Como se sabe, Pierre Lévy via com muito otimismo a perspectiva da criação de uma certa “inteligência coletiva” através do desenvolvimento das tecnologias de informática e comunicação, de certo modo prolongando as boas profecias que fazia o também otimista Marshall McLuhan. Segundo Lévy,

“o desenvolvimento da comunicação assistida por computador e das redes digitais planetárias aparece como a realização de um projeto mais ou menos bem formulado, o da constituição deliberada de novas formas de inteligência coletiva, mais flexíveis, mais democráticas, fundadas na reciprocidade e o respeito das singularidades. Neste sentido, poder-se-ia definir a inteligência coletiva como uma inteligência distribuída em toda parte, continuamente valorizada e sinergizada em tempo real.” (LÉVY: 96) Pode ser que um otimismo tão grande se preste ao escárnio de alguns, mas poucos negariam o fato de que a Internet permite a criação de conteúdos através de várias mãos e vários cérebros, dispersos no espaço e separados no tempo, de modo que tem todo sentido do mundo falar em uma “inteligência coletiva”, distribuída em toda parte, que produz (e não pára nunca de produzir) novos conteúdos. Pensemos em qualquer website jornalístico exclusivamente virtual e no modo como há a possibilidade de que as matérias ali veiculadas tenham sido produzidas nos

mais diversos estados da nação, ou mesmo no exterior, juntando-se ali naquele espaço da Web.

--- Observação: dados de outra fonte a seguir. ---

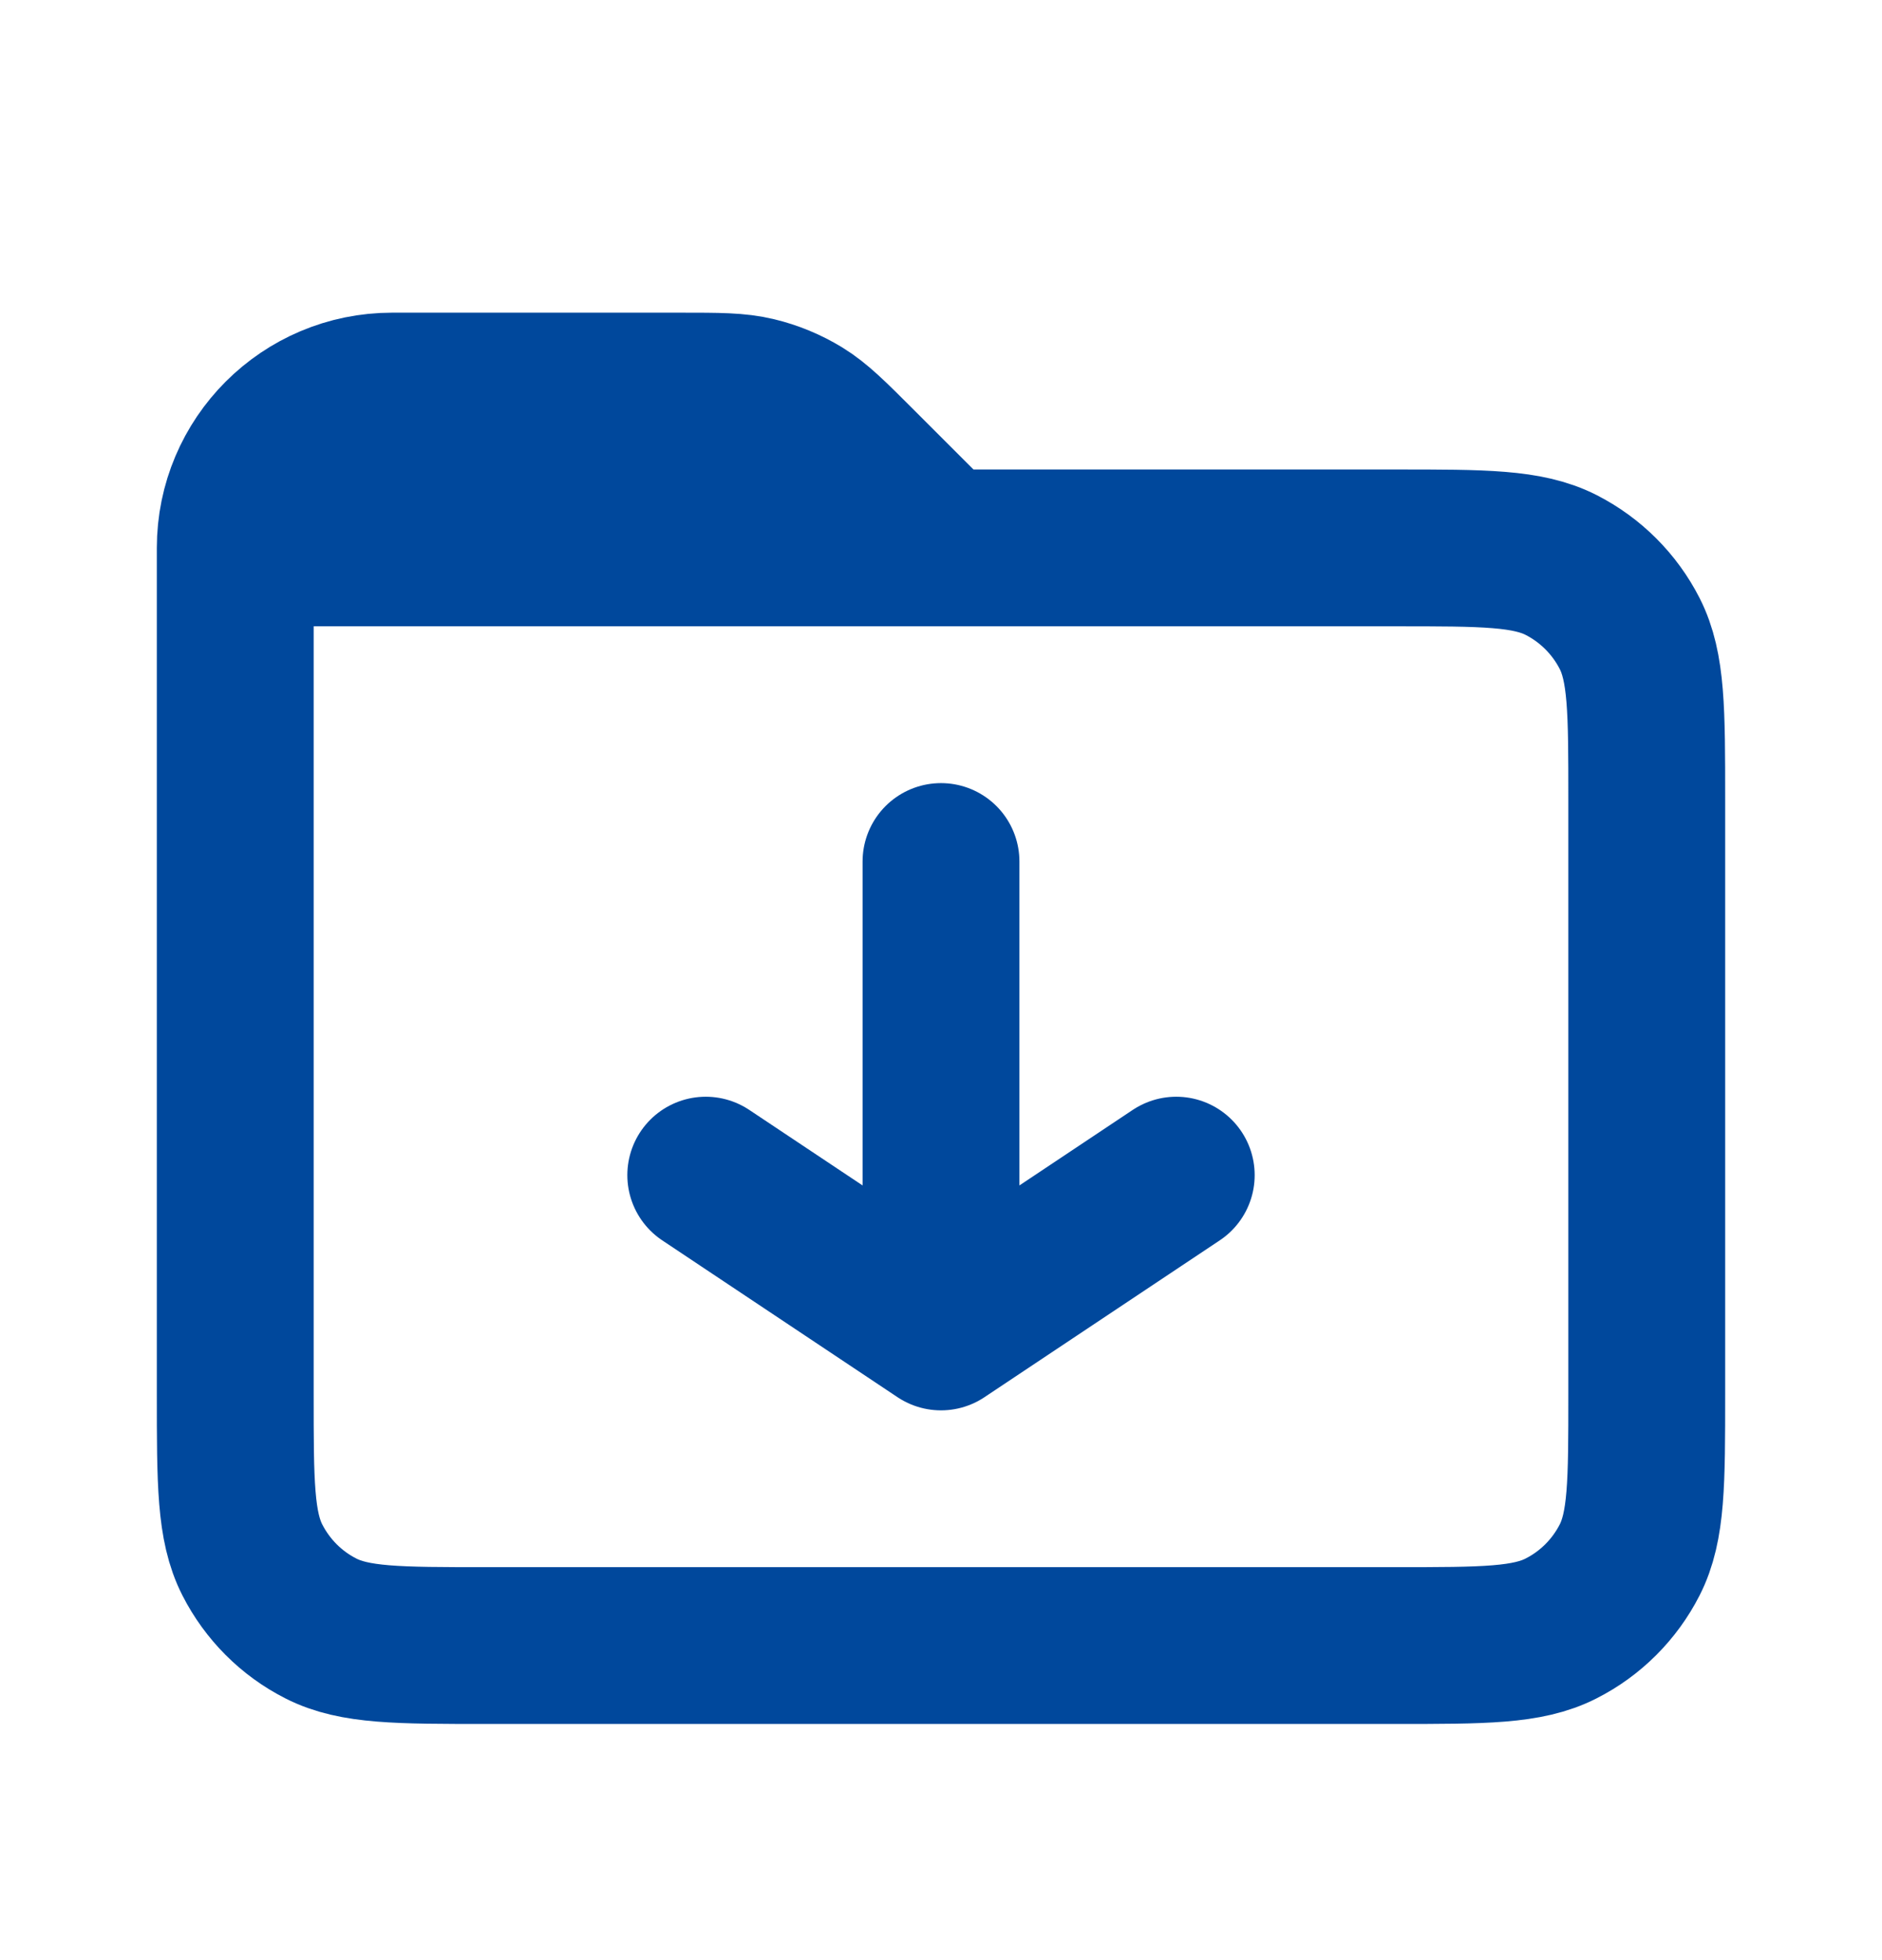 <svg width="24" height="25" viewBox="0 0 24 25" fill="none" xmlns="http://www.w3.org/2000/svg">
<g id="File / Folder_Download">
<path id="Vector" d="M12 10.988V16.988M12 16.988L15 14.988M12 16.988L9 14.988M3 6.988V17.788C3 18.908 3 19.468 3.218 19.896C3.41 20.272 3.715 20.579 4.092 20.77C4.519 20.988 5.079 20.988 6.197 20.988H17.803C18.921 20.988 19.48 20.988 19.907 20.77C20.284 20.579 20.59 20.272 20.782 19.896C21 19.468 21 18.908 21 17.788L21 10.188C21 9.068 21 8.508 20.782 8.08C20.59 7.704 20.284 7.398 19.908 7.206C19.48 6.988 18.92 6.988 17.8 6.988H12M3 6.988H12M3 6.988C3 5.884 3.895 4.988 5 4.988H8.675C9.164 4.988 9.409 4.988 9.639 5.044C9.843 5.093 10.038 5.174 10.217 5.283C10.419 5.407 10.592 5.58 10.938 5.926L12 6.988" stroke="#00489C" stroke-width="2" stroke-linecap="round" stroke-linejoin="round"/>
</g>
</svg>

“Tanto quanto a pesquisa utilitária de informação, é essa sensação vertiginosa de mergulhar no cérebro comum e dele participar que explica o entusiasmo pela Internet. Navegar no ciberespaço equivale a passear um olhar consciente sobre a interioridade caótica, o ronronar incansável, as banais futilidades e as fulgurações planetárias da inteligência coletiva. O acesso ao processo intelectual do todo informa o de cada parte, indivíduo ou grupo, e alimenta em troca o do conjunto. Passa-se então da inteligência coletiva ao coletivo inteligente. Apesar de numerosos aspectos negativos, e em particular o risco de deixar no acostamento da auto-estrada uma parte desqualificada da humanidade, o ciberespaço manifesta propriedades novas, que fazem dele um precioso instrumento de coordenação não hierárquica, de sinmergização rápida das inteligências, de troca de conhecimentos, de navegação nos saberes e de autocriação deliberada de coletivos inteligentes.” (117)

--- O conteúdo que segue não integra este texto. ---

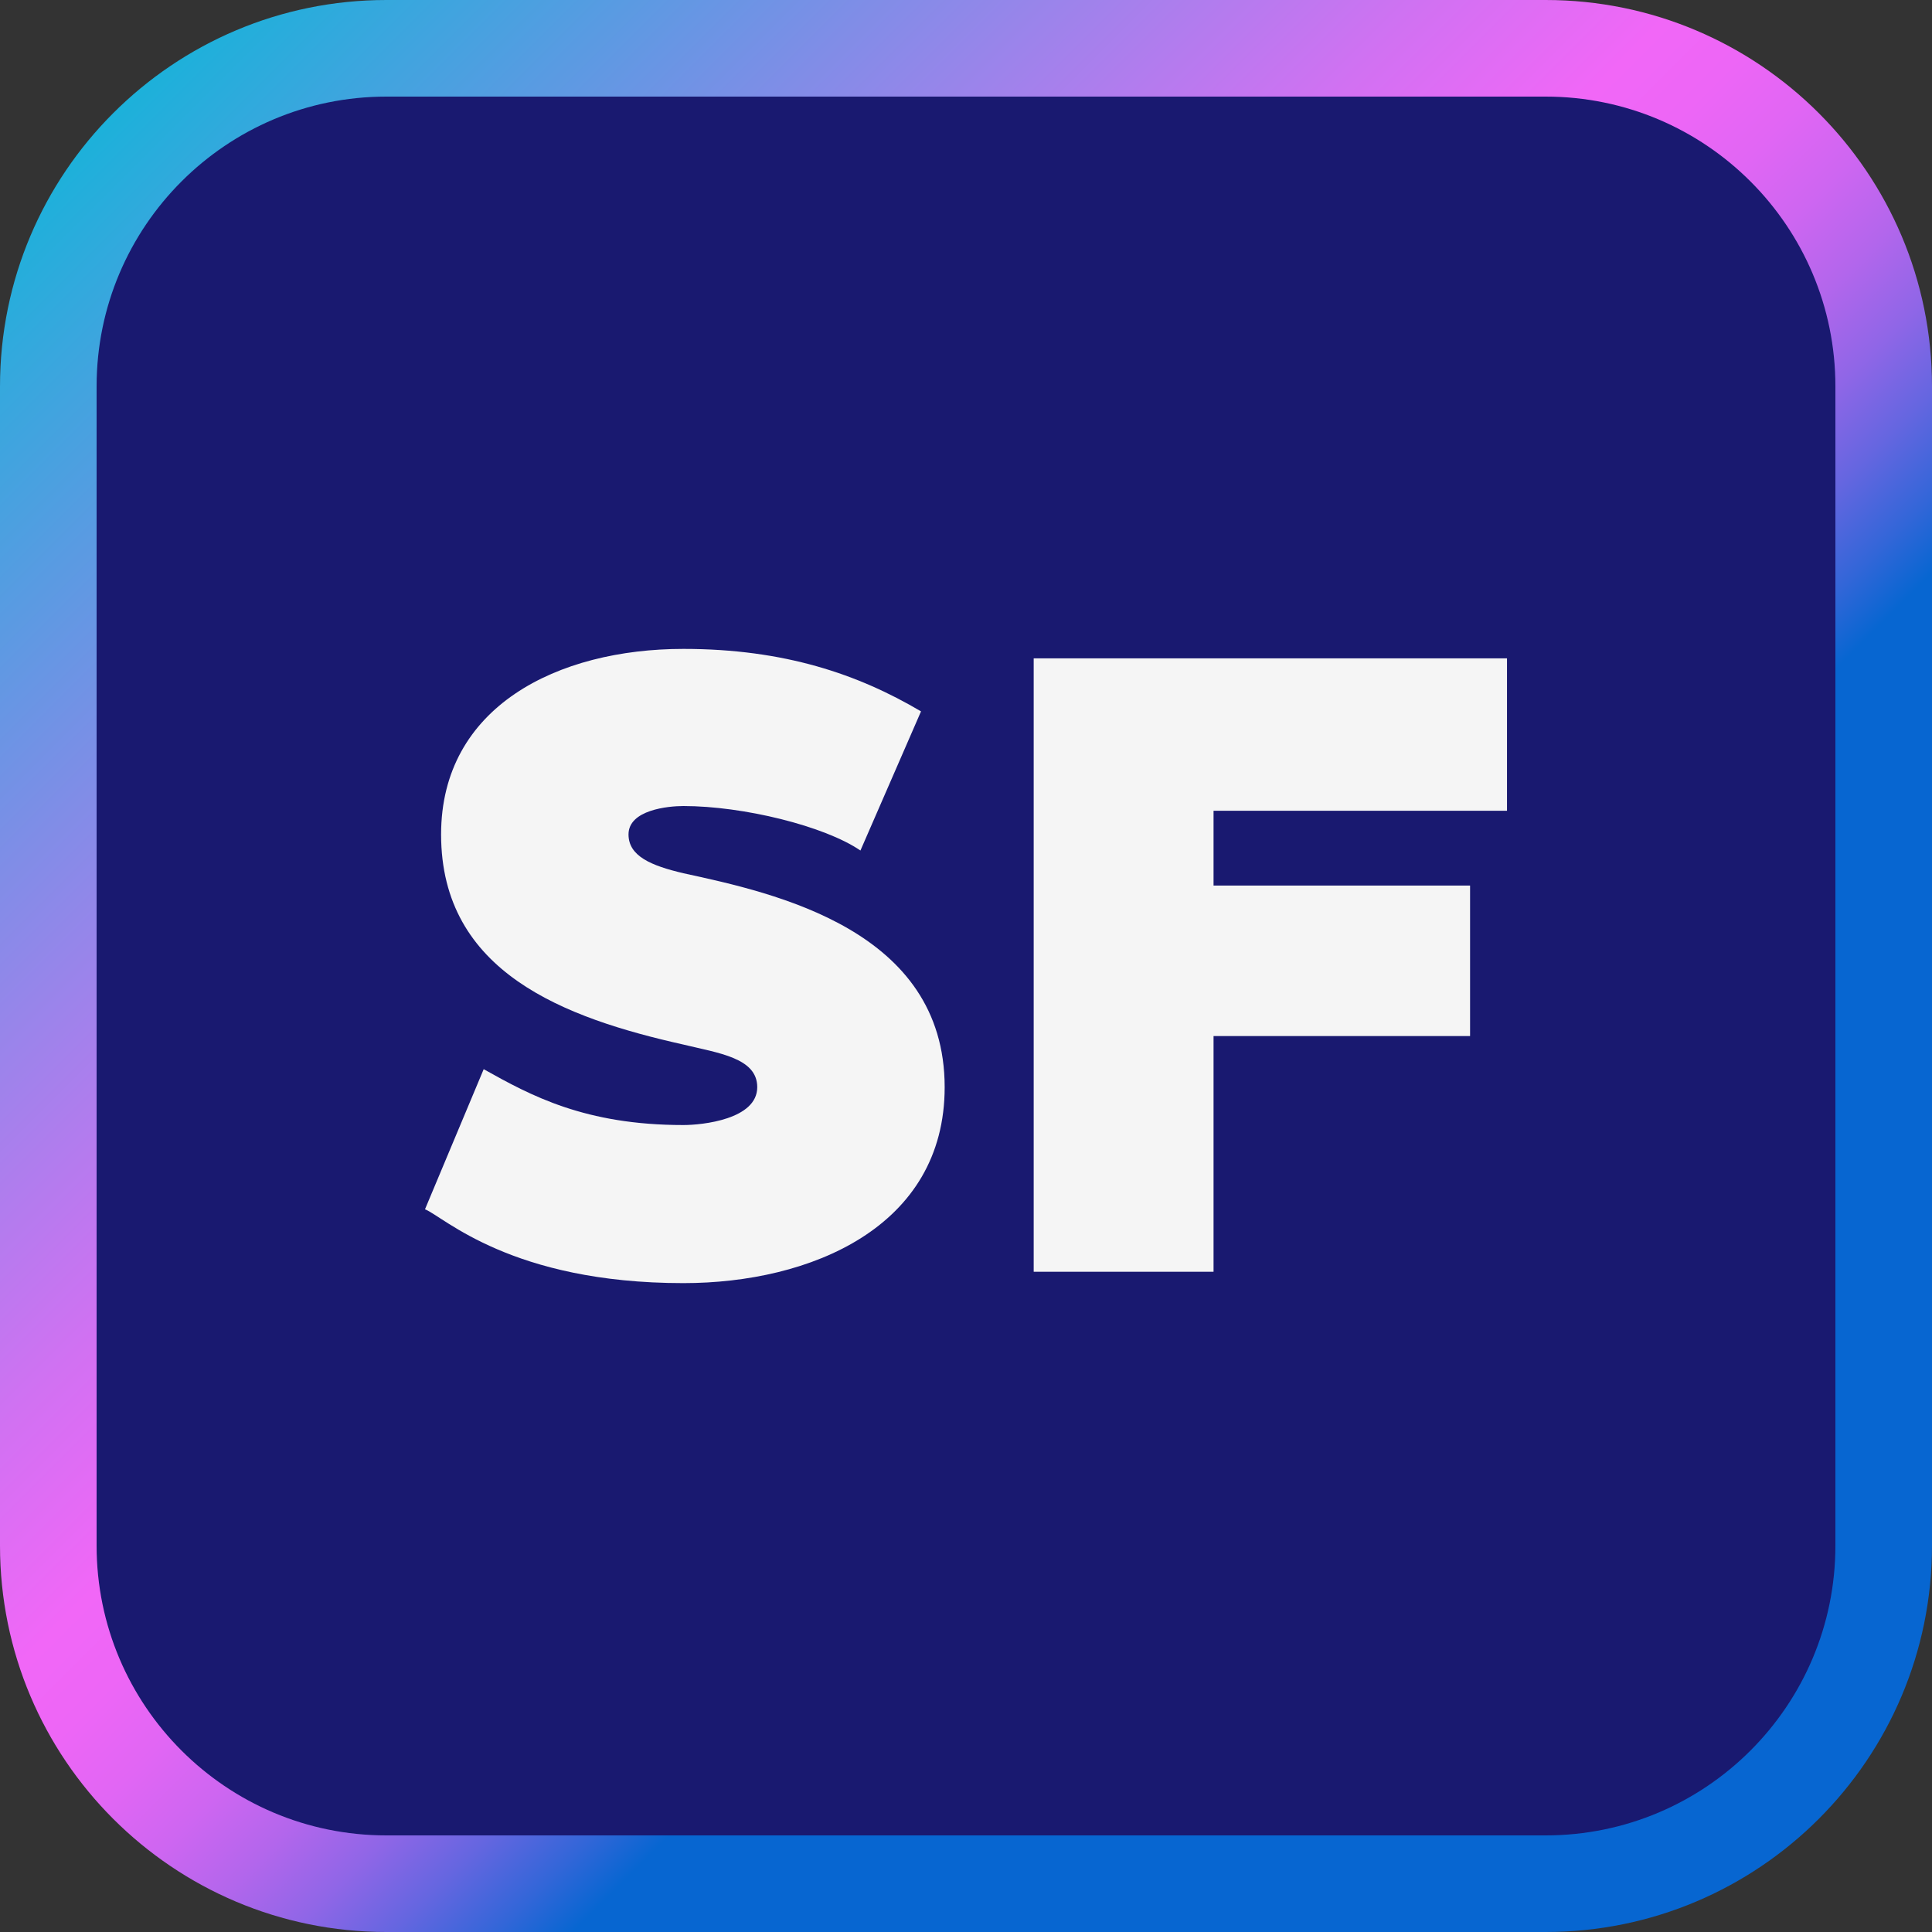 <?xml version="1.0" encoding="UTF-8"?><svg id="Layer_2" xmlns="http://www.w3.org/2000/svg" xmlns:xlink="http://www.w3.org/1999/xlink" viewBox="0 0 100 100"><rect x="0" y="0" width="100" height="100" fill="#333333" stroke="none"/><defs><linearGradient id="linear-gradient" x1="5.858" y1="5.858" x2="94.142" y2="94.142" gradientUnits="userSpaceOnUse"><stop offset="0" stop-color="#1cb1da"/><stop offset=".19" stop-color="#808de7"/><stop offset=".353" stop-color="#d171f2"/><stop offset=".427" stop-color="#f167f7"/><stop offset=".46" stop-color="#ed66f6"/><stop offset=".492" stop-color="#e166f4"/><stop offset=".523" stop-color="#ce66f1"/><stop offset=".554" stop-color="#b366ec"/><stop offset=".585" stop-color="#9066e7"/><stop offset=".615" stop-color="#6566e0"/><stop offset=".645" stop-color="#3366d8"/><stop offset=".668" stop-color="#0766d1"/><stop offset="1" stop-color="#0766d1"/></linearGradient></defs><g id="Layer_1-2"><path d="m80,100H20c-11.046,0-20-8.954-20-20V20C0,8.954,8.954,0,20,0h60c11.046,0,20,8.954,20,20v60c0,11.046-8.954,20-20,20Z" fill="url(#linear-gradient)" stroke-width="0"/><path d="m80,95H20c-8.284,0-15-6.716-15-15V20c0-8.284,6.716-15,15-15h60c8.284,0,15,6.716,15,15v60c0,8.284-6.716,15-15,15Z" fill="#191970" stroke-width="0"/><path d="m21.998,62.592l3.038-7.251c2.45,1.372,5.243,2.891,10.338,2.891.979,0,3.821-.294,3.821-1.96,0-1.519-2.009-1.764-3.821-2.205-6.125-1.372-12.543-3.724-12.543-10.877,0-6.614,6.026-9.603,12.543-9.603,5.242,0,9.064,1.323,12.298,3.234l-3.136,7.202c-1.862-1.274-6.076-2.303-9.162-2.303-.784,0-2.842.196-2.842,1.47,0,1.127,1.176,1.617,2.842,2.009,4.752,1.029,13.522,2.94,13.522,11.073,0,7.251-6.957,10.142-13.522,10.142-8.917,0-12.396-3.43-13.376-3.822Z" fill="#f5f5f5" stroke-width="0"/><path d="m53.504,34.076h24.498v7.889h-15.189v3.871h13.278v7.79h-13.278v12.2h-9.309v-31.75Z" fill="#f5f5f5" stroke-width="0"/></g></svg>

:: CONSIDERAÇÕES FINAIS ::

A chegada massiva dos computadores pessoais e da Internet em nossas sociedades e vidas pessoais transformou radicalmente o cenário coletivo e individual, tendo causado consequências irreversíveis no ramo da informação, um dos mais afetados pelas novas tecnologias e meios de comunicação. Observamos a veloz transformação e reestrututração das empresas responsáveis pela produção de

conteúdos jornalísticos em sua tentativa de adaptação à nova realidade – sendo que o jornalismo vem mudando de cara, por assim dizer, mas sem perder suas características marcantes nem seus valores tradicionais. Como mostramos neste trabalho, o webjornalismo é uma invenção relativamente recente, já que só a partir de meados dos anos 90 é que os primeiros experimentos sérios neste ramo foram realizados pela Agência Estado e pelo Grupo Folha, entre outras empresas, e após muitos erros e percalçoso jornalismo da Web foi mudando e evoluindo a fim de aproveitar de modo otimizado todo o campo de possibildiades aberto a ele. As características principais que definem esta nova era – o grande imediatismo, o papel fundamental da virtualidade, o decréscimo da relevância do espaço físico, a desterritorialização da informação, a transformação de átomos em bits, a interatividade e o papel mais ativo do receptor... - tornam o webjornalismo um campo repleto de potencialidades interessantes a serem desvendadas e exploradas.